How Jeff Koons Built the Art World’s Most Expensive Shrine to Middle-Class Taste

  • Oops!
    Something went wrong.
    Please try again later.

The world’s most expensive living artist is slowly making his way across an elegant Florentine square. Photographers surround Jeff Koons like a flock of hungry seagulls. It is the launch of his first big retrospective in Italy and he’s getting the kind of attention normally reserved for a Hollywood film star. Koons, 66, is one of a handful of celebrities in the world of visual art whose name pulls crowds to museums. He is also one of its most divisive figures, whose sculptures sell to the super-rich for tens of millions of dollars.

Over the past 25 years the growing number of high-net-worth individuals has led to an explosion in the contemporary art market. According to Artprice.com, the contemporary art price index soared to an all-time high at the beginning of summer 2021—with price increases of 400 percent since the early 2000s. In the past year alone, $2.7 billion worth of contemporary works have changed hands at auction. About a third of these sales are generated by a handful of artists: Koons is one of them, Banksy is another.

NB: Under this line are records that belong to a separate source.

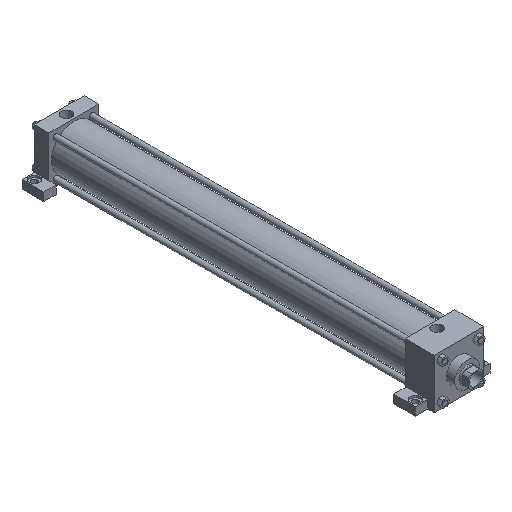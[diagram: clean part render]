
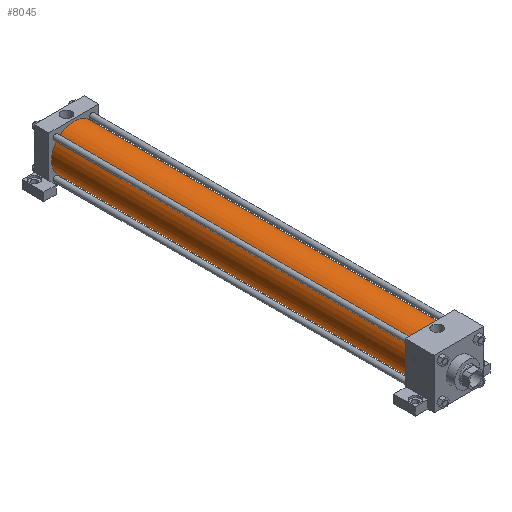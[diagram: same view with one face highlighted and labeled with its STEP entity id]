
A CAD part, isometric view. The second image highlights one B-rep face of the part: STEP entity #8045.
In plain terms, the highlighted cylindrical face has radius 34.163 mm (diameter 68.326 mm), a full revolution.
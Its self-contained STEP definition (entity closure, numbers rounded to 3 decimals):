
#1238=EDGE_CURVE('',#1244,#1244,#1239,.T.);
#1239=CIRCLE('',#1240,34.163);
#1240=AXIS2_PLACEMENT_3D('',#1241,#1242,#1243);
#1241=CARTESIAN_POINT('',(0.,69.85,0.));
#1242=DIRECTION('',(0.,1.,0.));
#1243=DIRECTION('',(-1.,0.,0.));
#1244=VERTEX_POINT('',#1245);
#1245=CARTESIAN_POINT('',(-34.163,69.85,0.));
#2765=FACE_OUTER_BOUND('',#2767,.T.);
#2766=FACE_BOUND('',#2768,.T.);
#2767=EDGE_LOOP('',(#2769));
#2768=EDGE_LOOP('',(#2778));
#2769=ORIENTED_EDGE('',*,*,#2770,.F.);
#2770=EDGE_CURVE('',#2776,#2776,#2771,.T.);
#2771=CIRCLE('',#2772,34.163);
#2772=AXIS2_PLACEMENT_3D('',#2773,#2774,#2775);
#2773=CARTESIAN_POINT('',(0.,615.95,0.));
#2774=DIRECTION('',(0.,1.,0.));
#2775=DIRECTION('',(1.,0.,0.));
#2776=VERTEX_POINT('',#2777);
#2777=CARTESIAN_POINT('',(34.163,615.95,0.));
#2778=ORIENTED_EDGE('',*,*,#1238,.T.);
#2779=CYLINDRICAL_SURFACE('',#2780,34.163);
#2780=AXIS2_PLACEMENT_3D('',#2781,#2782,#2783);
#2781=CARTESIAN_POINT('',(0.,615.95,0.));
#2782=DIRECTION('',(0.,-1.,0.));
#2783=DIRECTION('',(0.,0.,-1.));
#8045=ADVANCED_FACE('',(#2765,#2766),#2779,.T.);
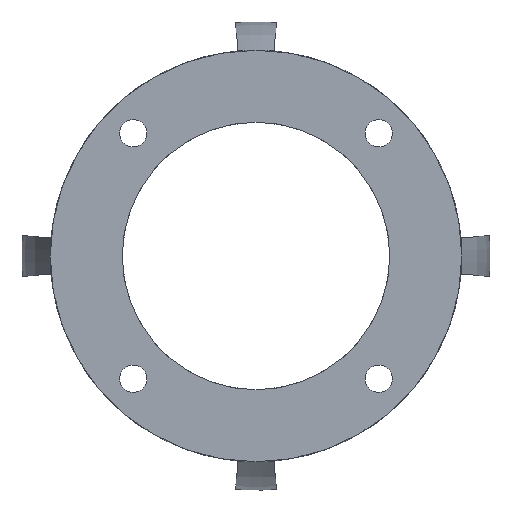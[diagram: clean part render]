
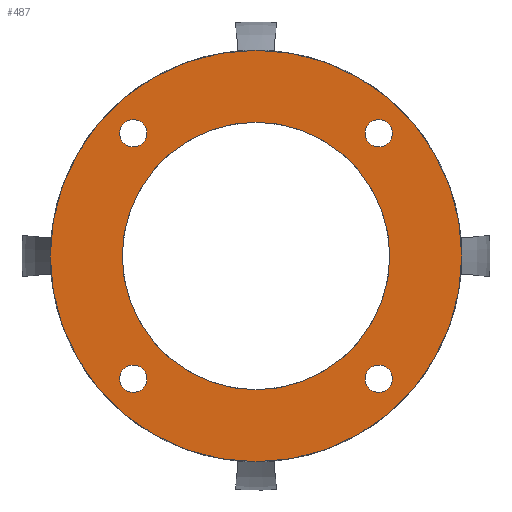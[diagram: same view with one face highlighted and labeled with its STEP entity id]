
A CAD part, front view. The second image highlights one B-rep face of the part: STEP entity #487.
In plain terms, the highlighted planar face has unit normal (0, -1, 0).
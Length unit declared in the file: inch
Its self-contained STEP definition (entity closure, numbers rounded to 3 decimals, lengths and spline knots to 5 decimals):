
#7 = VERTEX_POINT ( 'NONE', #17 ) ;
#12 = AXIS2_PLACEMENT_3D ( 'NONE', #21, #853, #1129 ) ;
#13 = CARTESIAN_POINT ( 'NONE',  ( -1.19324, 0., 1.32624 ) ) ;
#17 = CARTESIAN_POINT ( 'NONE',  ( -1.06024, 0., -1.19324 ) ) ;
#18 = AXIS2_PLACEMENT_3D ( 'NONE', #205, #770, #579 ) ;
#21 = CARTESIAN_POINT ( 'NONE',  ( 0., 0., 0. ) ) ;
#24 = DIRECTION ( 'NONE',  ( 0., 1., 0. ) ) ;
#61 = VERTEX_POINT ( 'NONE', #472 ) ;
#62 = EDGE_CURVE ( 'NONE', #1082, #449, #78, .T. ) ;
#63 = EDGE_CURVE ( 'NONE', #644, #514, #345, .T. ) ;
#78 = CIRCLE ( 'NONE', #862, 2. ) ;
#84 = EDGE_CURVE ( 'NONE', #506, #1077, #754, .T. ) ;
#88 = FACE_BOUND ( 'NONE', #611, .T. ) ;
#103 = EDGE_CURVE ( 'NONE', #514, #644, #443, .T. ) ;
#110 = DIRECTION ( 'NONE',  ( 0., 0., -1. ) ) ;
#123 = CARTESIAN_POINT ( 'NONE',  ( 1.32624, 0., 1.19324 ) ) ;
#124 = DIRECTION ( 'NONE',  ( 0., 1., 0. ) ) ;
#126 = CIRCLE ( 'NONE', #204, 0.133 ) ;
#128 = CARTESIAN_POINT ( 'NONE',  ( 0., 0., -2. ) ) ;
#147 = ORIENTED_EDGE ( 'NONE', *, *, #524, .T. ) ;
#153 = EDGE_CURVE ( 'NONE', #449, #1082, #228, .T. ) ;
#176 = FACE_BOUND ( 'NONE', #1109, .T. ) ;
#185 = CIRCLE ( 'NONE', #821, 0.133 ) ;
#200 = DIRECTION ( 'NONE',  ( 0., -1., 0. ) ) ;
#204 = AXIS2_PLACEMENT_3D ( 'NONE', #476, #124, #1134 ) ;
#205 = CARTESIAN_POINT ( 'NONE',  ( 1.19324, 0., 1.19324 ) ) ;
#210 = DIRECTION ( 'NONE',  ( 0., 1., 0. ) ) ;
#213 = DIRECTION ( 'NONE',  ( 0., -1., 0. ) ) ;
#228 = CIRCLE ( 'NONE', #350, 2. ) ;
#259 = CIRCLE ( 'NONE', #508, 0.133 ) ;
#270 = FACE_OUTER_BOUND ( 'NONE', #698, .T. ) ;
#281 = VERTEX_POINT ( 'NONE', #727 ) ;
#303 = DIRECTION ( 'NONE',  ( 0., 0., -1. ) ) ;
#321 = ORIENTED_EDGE ( 'NONE', *, *, #1016, .F. ) ;
#331 = CIRCLE ( 'NONE', #557, 0.133 ) ;
#345 = CIRCLE ( 'NONE', #18, 0.133 ) ;
#350 = AXIS2_PLACEMENT_3D ( 'NONE', #665, #1117, #840 ) ;
#373 = CARTESIAN_POINT ( 'NONE',  ( -1.32624, 0., -1.19324 ) ) ;
#417 = ORIENTED_EDGE ( 'NONE', *, *, #587, .F. ) ;
#418 = CARTESIAN_POINT ( 'NONE',  ( 0., 0., -1.3 ) ) ;
#425 = CARTESIAN_POINT ( 'NONE',  ( -1.3, 0., 0. ) ) ;
#428 = CIRCLE ( 'NONE', #12, 1.3 ) ;
#442 = ORIENTED_EDGE ( 'NONE', *, *, #62, .T. ) ;
#443 = CIRCLE ( 'NONE', #655, 0.133 ) ;
#449 = VERTEX_POINT ( 'NONE', #711 ) ;
#451 = FACE_BOUND ( 'NONE', #932, .T. ) ;
#472 = CARTESIAN_POINT ( 'NONE',  ( 0., 0., 1.3 ) ) ;
#476 = CARTESIAN_POINT ( 'NONE',  ( -1.19324, 0., -1.19324 ) ) ;
#487 = ADVANCED_FACE ( 'NONE', ( #176, #529, #451, #542, #88, #270 ), #641, .F. ) ;
#506 = VERTEX_POINT ( 'NONE', #13 ) ;
#508 = AXIS2_PLACEMENT_3D ( 'NONE', #1061, #1068, #1184 ) ;
#514 = VERTEX_POINT ( 'NONE', #664 ) ;
#524 = EDGE_CURVE ( 'NONE', #1147, #281, #696, .T. ) ;
#529 = FACE_BOUND ( 'NONE', #1196, .T. ) ;
#541 = CIRCLE ( 'NONE', #597, 1.3 ) ;
#542 = FACE_BOUND ( 'NONE', #1051, .T. ) ;
#557 = AXIS2_PLACEMENT_3D ( 'NONE', #929, #749, #1045 ) ;
#561 = DIRECTION ( 'NONE',  ( 1., 0., 0. ) ) ;
#570 = DIRECTION ( 'NONE',  ( 0., 0., -1. ) ) ;
#572 = EDGE_CURVE ( 'NONE', #870, #7, #331, .T. ) ;
#579 = DIRECTION ( 'NONE',  ( 1., 0., 0. ) ) ;
#587 = EDGE_CURVE ( 'NONE', #61, #730, #541, .T. ) ;
#597 = AXIS2_PLACEMENT_3D ( 'NONE', #672, #213, #934 ) ;
#602 = ORIENTED_EDGE ( 'NONE', *, *, #967, .T. ) ;
#611 = EDGE_LOOP ( 'NONE', ( #321, #417 ) ) ;
#641 = PLANE ( 'NONE',  #1116 ) ;
#644 = VERTEX_POINT ( 'NONE', #123 ) ;
#655 = AXIS2_PLACEMENT_3D ( 'NONE', #848, #24, #561 ) ;
#658 = AXIS2_PLACEMENT_3D ( 'NONE', #1040, #1025, #570 ) ;
#664 = CARTESIAN_POINT ( 'NONE',  ( 1.06024, 0., 1.19324 ) ) ;
#665 = CARTESIAN_POINT ( 'NONE',  ( 0., 0., 0. ) ) ;
#672 = CARTESIAN_POINT ( 'NONE',  ( 0., 0., 0. ) ) ;
#692 = AXIS2_PLACEMENT_3D ( 'NONE', #1130, #854, #1052 ) ;
#696 = CIRCLE ( 'NONE', #658, 0.133 ) ;
#698 = EDGE_LOOP ( 'NONE', ( #442, #970 ) ) ;
#711 = CARTESIAN_POINT ( 'NONE',  ( 0., 0., 2. ) ) ;
#727 = CARTESIAN_POINT ( 'NONE',  ( 1.19324, 0., -1.32624 ) ) ;
#730 = VERTEX_POINT ( 'NONE', #418 ) ;
#731 = ORIENTED_EDGE ( 'NONE', *, *, #103, .T. ) ;
#749 = DIRECTION ( 'NONE',  ( 0., 1., 0. ) ) ;
#754 = CIRCLE ( 'NONE', #692, 0.133 ) ;
#760 = CARTESIAN_POINT ( 'NONE',  ( 0., 0., 0. ) ) ;
#770 = DIRECTION ( 'NONE',  ( 0., 1., 0. ) ) ;
#797 = DIRECTION ( 'NONE',  ( 0., 0., 1. ) ) ;
#821 = AXIS2_PLACEMENT_3D ( 'NONE', #1050, #210, #303 ) ;
#840 = DIRECTION ( 'NONE',  ( 0., 0., -1. ) ) ;
#848 = CARTESIAN_POINT ( 'NONE',  ( 1.19324, 0., 1.19324 ) ) ;
#853 = DIRECTION ( 'NONE',  ( 0., -1., 0. ) ) ;
#854 = DIRECTION ( 'NONE',  ( 0., 1., 0. ) ) ;
#862 = AXIS2_PLACEMENT_3D ( 'NONE', #760, #200, #110 ) ;
#870 = VERTEX_POINT ( 'NONE', #373 ) ;
#883 = ORIENTED_EDGE ( 'NONE', *, *, #63, .T. ) ;
#906 = ORIENTED_EDGE ( 'NONE', *, *, #572, .T. ) ;
#929 = CARTESIAN_POINT ( 'NONE',  ( -1.19324, 0., -1.19324 ) ) ;
#932 = EDGE_LOOP ( 'NONE', ( #906, #602 ) ) ;
#934 = DIRECTION ( 'NONE',  ( 0., 0., -1. ) ) ;
#964 = ORIENTED_EDGE ( 'NONE', *, *, #1138, .T. ) ;
#967 = EDGE_CURVE ( 'NONE', #7, #870, #126, .T. ) ;
#970 = ORIENTED_EDGE ( 'NONE', *, *, #153, .T. ) ;
#978 = EDGE_CURVE ( 'NONE', #281, #1147, #185, .T. ) ;
#1016 = EDGE_CURVE ( 'NONE', #730, #61, #428, .T. ) ;
#1018 = DIRECTION ( 'NONE',  ( 0., 1., 0. ) ) ;
#1025 = DIRECTION ( 'NONE',  ( 0., 1., 0. ) ) ;
#1040 = CARTESIAN_POINT ( 'NONE',  ( 1.19324, 0., -1.19324 ) ) ;
#1045 = DIRECTION ( 'NONE',  ( -1., 0., 0. ) ) ;
#1050 = CARTESIAN_POINT ( 'NONE',  ( 1.19324, 0., -1.19324 ) ) ;
#1051 = EDGE_LOOP ( 'NONE', ( #1189, #964 ) ) ;
#1052 = DIRECTION ( 'NONE',  ( 0., 0., 1. ) ) ;
#1061 = CARTESIAN_POINT ( 'NONE',  ( -1.19324, 0., 1.19324 ) ) ;
#1068 = DIRECTION ( 'NONE',  ( 0., 1., 0. ) ) ;
#1077 = VERTEX_POINT ( 'NONE', #1149 ) ;
#1082 = VERTEX_POINT ( 'NONE', #128 ) ;
#1090 = ORIENTED_EDGE ( 'NONE', *, *, #978, .T. ) ;
#1109 = EDGE_LOOP ( 'NONE', ( #883, #731 ) ) ;
#1116 = AXIS2_PLACEMENT_3D ( 'NONE', #425, #1018, #797 ) ;
#1117 = DIRECTION ( 'NONE',  ( 0., -1., 0. ) ) ;
#1129 = DIRECTION ( 'NONE',  ( 0., 0., -1. ) ) ;
#1130 = CARTESIAN_POINT ( 'NONE',  ( -1.19324, 0., 1.19324 ) ) ;
#1134 = DIRECTION ( 'NONE',  ( -1., 0., 0. ) ) ;
#1138 = EDGE_CURVE ( 'NONE', #1077, #506, #259, .T. ) ;
#1147 = VERTEX_POINT ( 'NONE', #1163 ) ;
#1149 = CARTESIAN_POINT ( 'NONE',  ( -1.19324, 0., 1.06024 ) ) ;
#1163 = CARTESIAN_POINT ( 'NONE',  ( 1.19324, 0., -1.06024 ) ) ;
#1184 = DIRECTION ( 'NONE',  ( 0., 0., 1. ) ) ;
#1189 = ORIENTED_EDGE ( 'NONE', *, *, #84, .T. ) ;
#1196 = EDGE_LOOP ( 'NONE', ( #1090, #147 ) ) ;

In 2019 Koons became the highest-selling living artist when his stainless-steel Rabbit, modeled on a child’s inflatable bunny, sold for more than $91 million to a billionaire hedge fund manager.

More from Robb Report

Slim with a well-coiffed head of dark hair, Koons is dressed in a navy shirt and a well-pressed pair of jeans. He looks more like a Wall Street banker than a tortured, paint-splattered creative—perhaps because he once was. He spent six years as a commodities trader before taking up art full-time. Today, his work divides the art world between those who think he is a cynical salesman creating big, shiny, superficial trophies and those who see him as a great figure in the American pop art tradition, the heir to Andy Warhol.

For Koons to be exhibited in the home of the Renaissance is an important affirmation. He may have conquered the market since he emerged from the New York art scene of the 1980s but he has struggled to conquer the critics. In 2004 the renowned Australian art critic Robert Hughes famously wrote: “Koons really does think he’s Michelangelo and is not shy to say so. . .He has the slimy assurance. . .of a blow-dried Baptist selling swamp acres in Florida.” But attitudes towards him are shifting and many world-class museums have exhibited Koons shows in recent years, including the Ashmolean in Oxford.

Koons’s manner is patient and polite with everyone who approaches him. When I first meet him in Florence he nervously asks me if his breath smells. Apparently there had been some confusion over his breakfast order. “I asked for an egg-white omelette with onions, spinach and tomatoes and after eating it I realized they’d put garlic in, so if you can smell something, please tell me.” He is a perfectionist who likes to be in control of his environment. The unexpected garlic has clearly thrown him.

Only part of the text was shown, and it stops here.